Choosing the Best Contraceptive for Adolescents with HIV

Adolescents underestimate their risk of contracting HIV, and 60% of infected patients are unaware of their status.

Adolescents underestimate their risk of contracting HIV, and 60% of infected patients are unaware of their status.

One in 7 sexually active couples report that neither they nor their partner have used any form of contraception. The American College of Obstetricians and Gynecologists advises providers to acknowledge that many adolescents are sexually active and need sexual and reproductive health counseling.

The journal Pediatrics published a study in its September 2016 issue that outlined the American Academy of Pediatrics’ reproductive health recommendations in adolescents.

Combined long-acting reversible contraceptives and barrier methods (eg, condoms) are optimal for HIV-infected adolescents on complex antiretroviral regimens. The long-acting reversible contraceptives need little regular user input, and barrier methods prevent the spread of sexually transmitted infections (STIs).

The progestin implant Nexplanon has a failure rate of 1%, lasts 3 years, and simulates near-perfect oral contraceptive adherence. Efavirenz may decrease the effectiveness of progestin-based contraception due to enzyme induction. The National Institutes of Health recommends adjunctive contraception in patients on hormonal contraception and nevirapine, efavirenz, or most other protease inhibitors.

Hormonal intrauterine devices (IUD) Liletta and Mirena have a 1% failure rate and last 3 and 5 years, respectively. The copper IUD Paragard contains no hormones, lasts 10 years, and does not affect the patient’s menstrual cycle. Active STI (except HIV) and pelvic infection contraindicate IUD placement. However, providers may treat new infections without IUD removal.

Depot medroxyprogesterone acetate (Depo-Provera) is injected every 13 weeks with a 0.2% risk of pregnancy annually with timely use. This medication is unaffected by enzymatic interactions with antiretrovirals.

Combined oral contraceptives have a 9% failure rate in the general population with a higher rate among HIV-infected adolescents due to poor adherence and enzymatic interactions. The guidelines do not highly recommend progestin-only pills because patients must be completely adherent to doses at specific times.

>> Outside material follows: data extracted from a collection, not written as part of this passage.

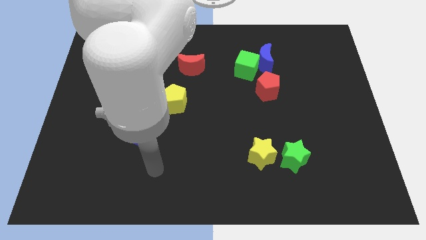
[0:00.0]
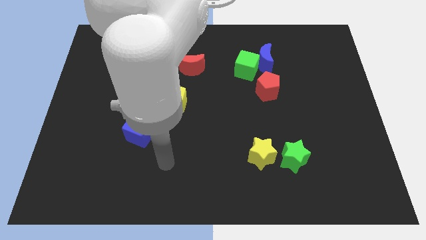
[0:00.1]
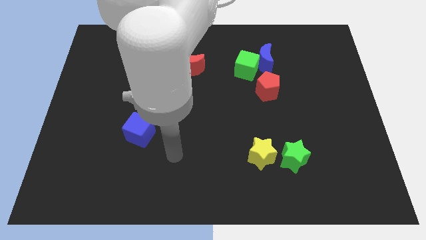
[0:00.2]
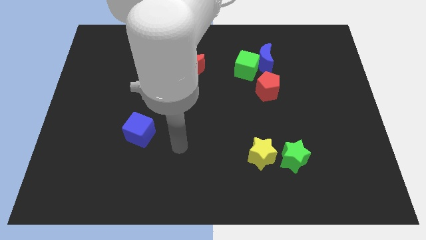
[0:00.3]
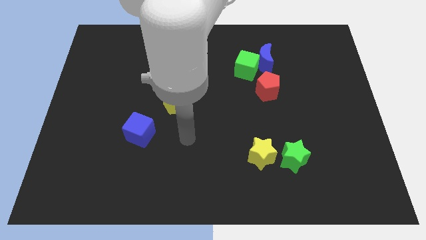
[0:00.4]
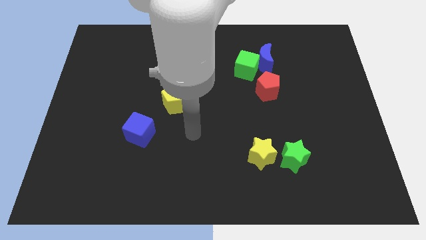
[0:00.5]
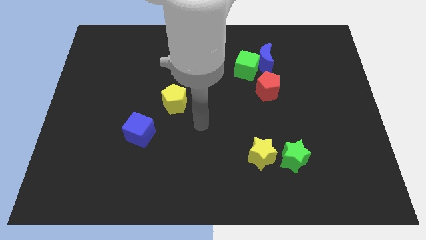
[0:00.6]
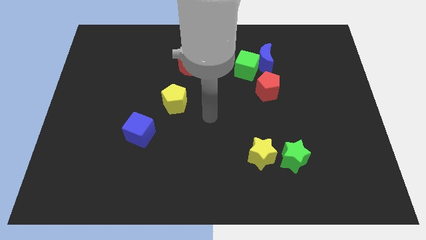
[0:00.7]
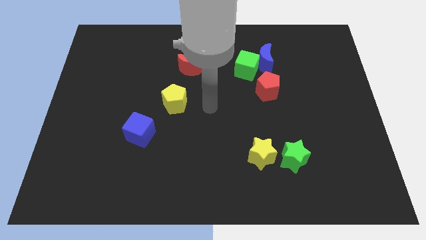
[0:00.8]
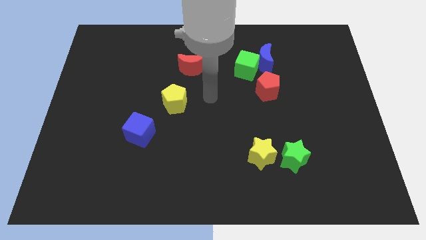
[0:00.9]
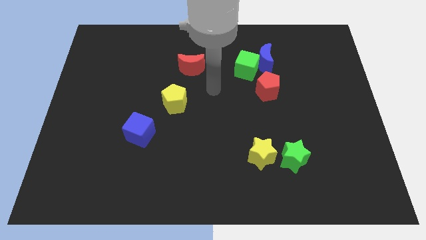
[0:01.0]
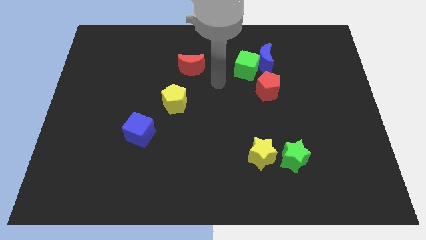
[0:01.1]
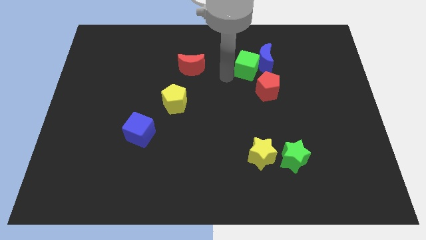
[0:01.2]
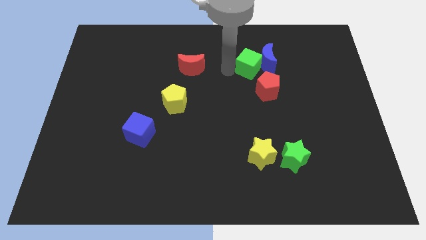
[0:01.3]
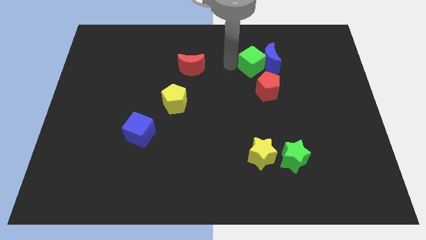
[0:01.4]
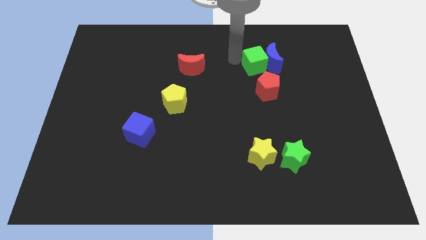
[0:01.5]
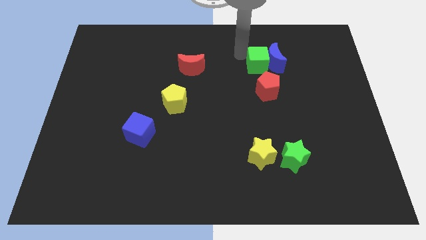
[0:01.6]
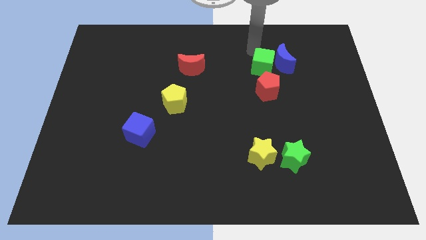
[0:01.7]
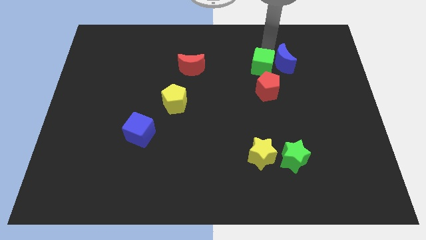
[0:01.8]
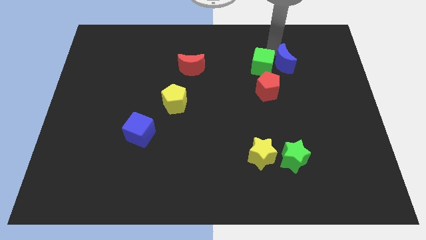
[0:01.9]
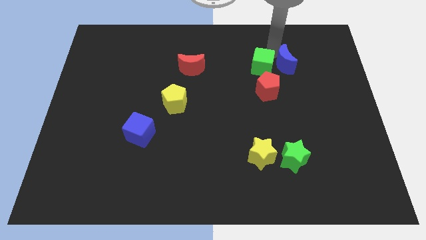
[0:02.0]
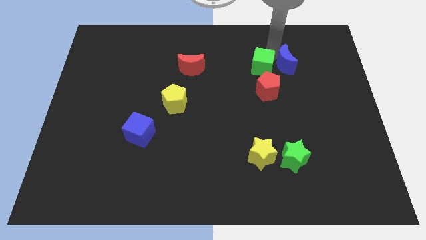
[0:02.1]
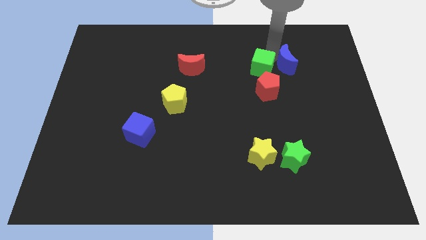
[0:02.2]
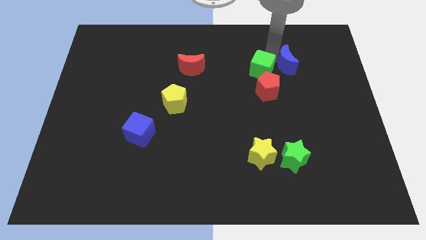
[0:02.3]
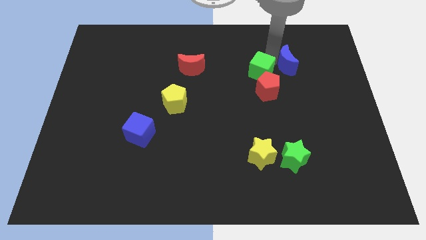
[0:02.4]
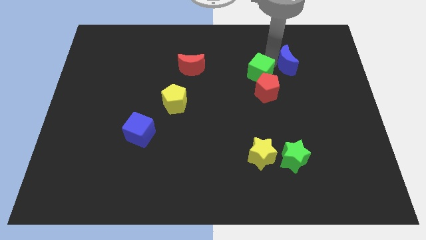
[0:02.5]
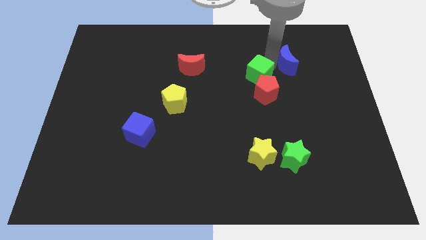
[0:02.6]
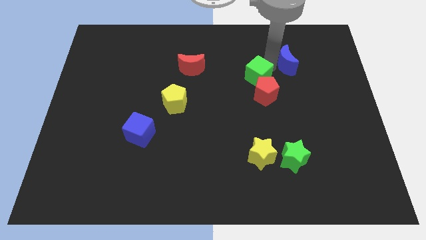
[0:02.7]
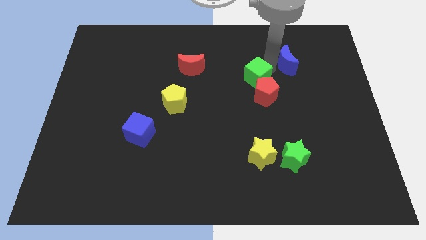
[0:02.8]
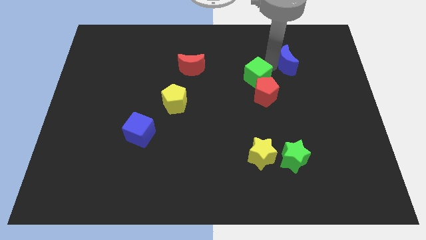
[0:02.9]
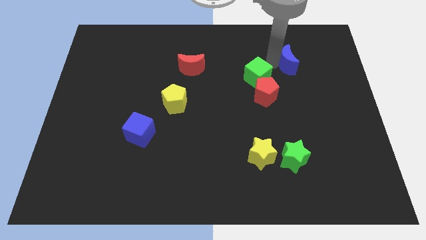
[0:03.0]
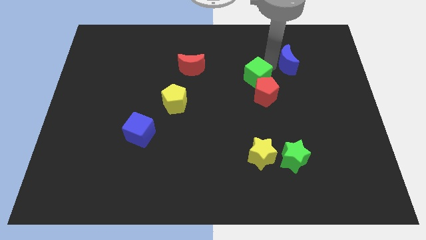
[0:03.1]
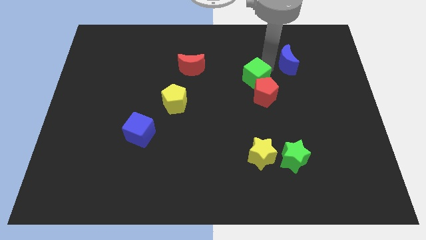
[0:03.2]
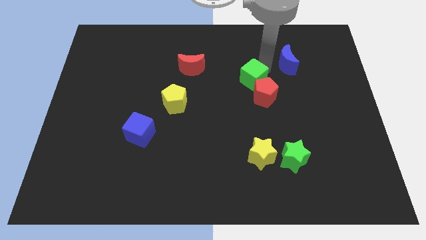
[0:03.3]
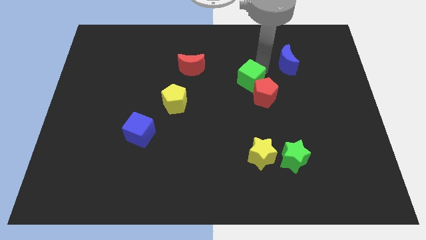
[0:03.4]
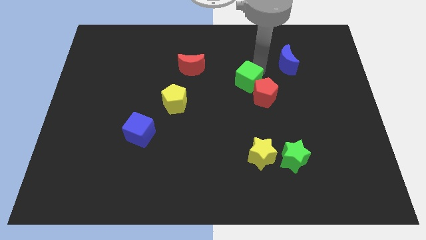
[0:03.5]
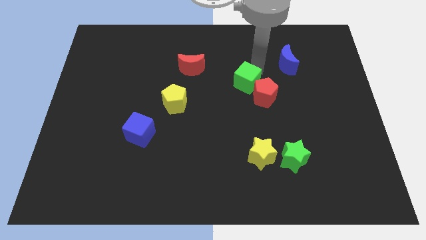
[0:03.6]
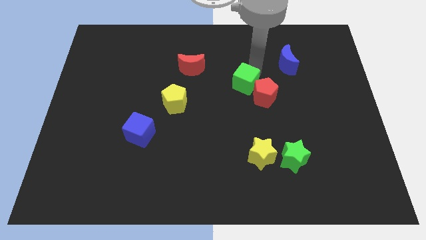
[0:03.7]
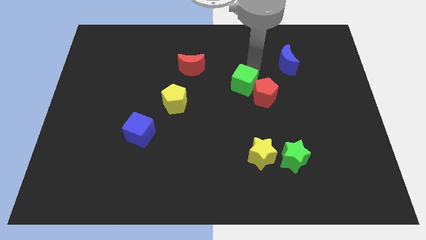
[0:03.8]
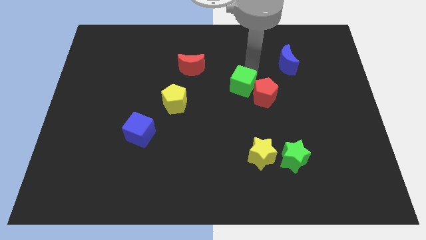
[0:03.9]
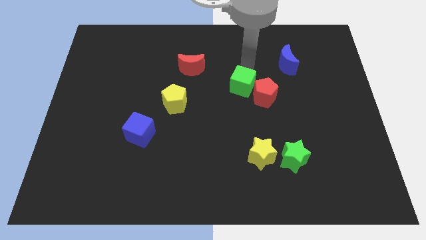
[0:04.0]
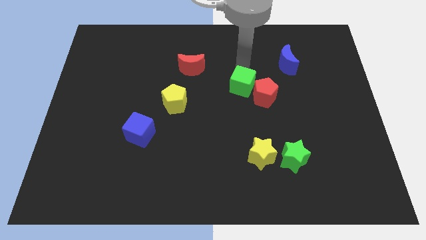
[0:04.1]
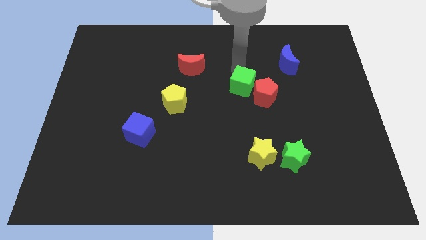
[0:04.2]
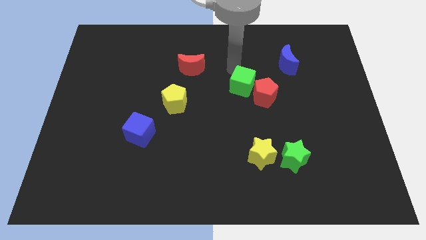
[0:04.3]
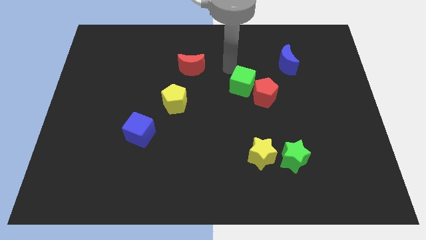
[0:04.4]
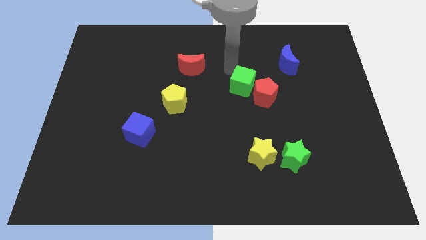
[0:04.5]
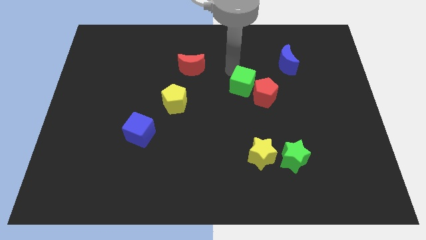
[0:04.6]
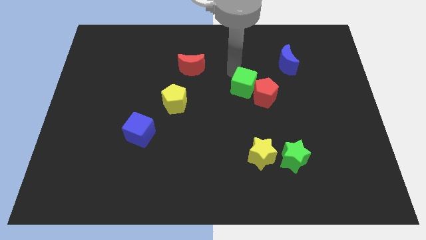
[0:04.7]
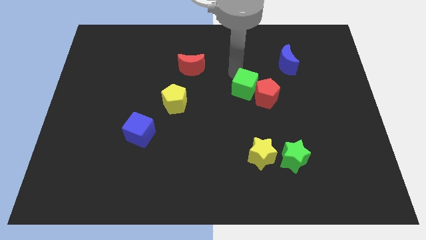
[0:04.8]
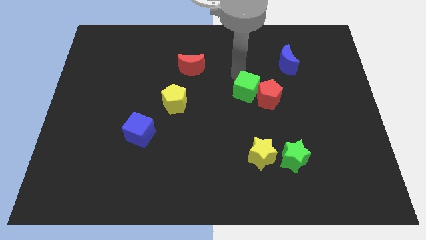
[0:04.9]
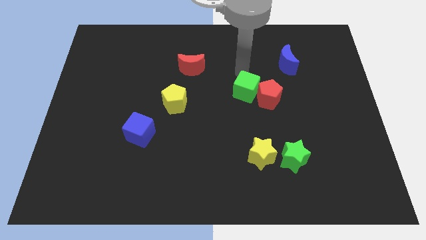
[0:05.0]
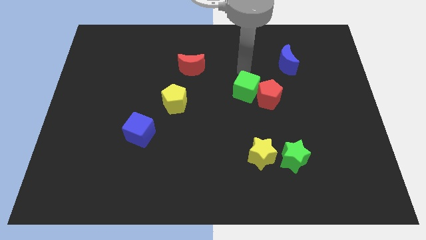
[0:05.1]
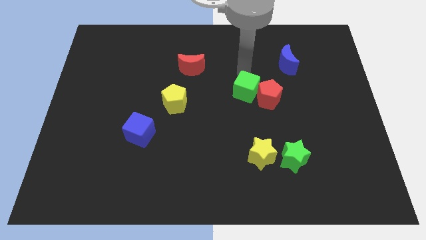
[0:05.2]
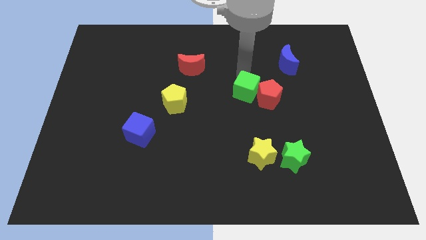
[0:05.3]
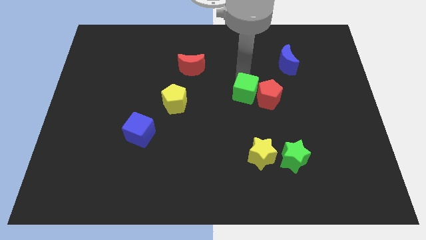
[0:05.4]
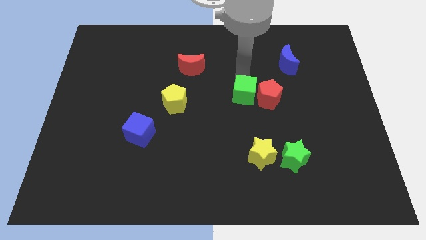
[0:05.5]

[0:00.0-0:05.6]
move the green cube to the bottom left of the red pentagon

Vaginal ring and transdermal patch formulations have better efficacy than oral products because users apply these products less frequently than they self-administer oral products.

Male latex condoms are the most common contraceptive method used by adolescents. Natural membranes do not provide infection protection. HIV-infected individuals should never use spermicides because these products increase the risk of HIV transmission. Diaphragms and cervical caps are ineffective without spermicides, so HIV-infected patients should not use these products.

Providers should encourage open discussion about contraception with HIV-infected adolescents. They should also discuss HIV transmission prevention. Providers need to emphasize abstinence, delay of sexual initiation, proper condom use, and adherence to antiretroviral regimen.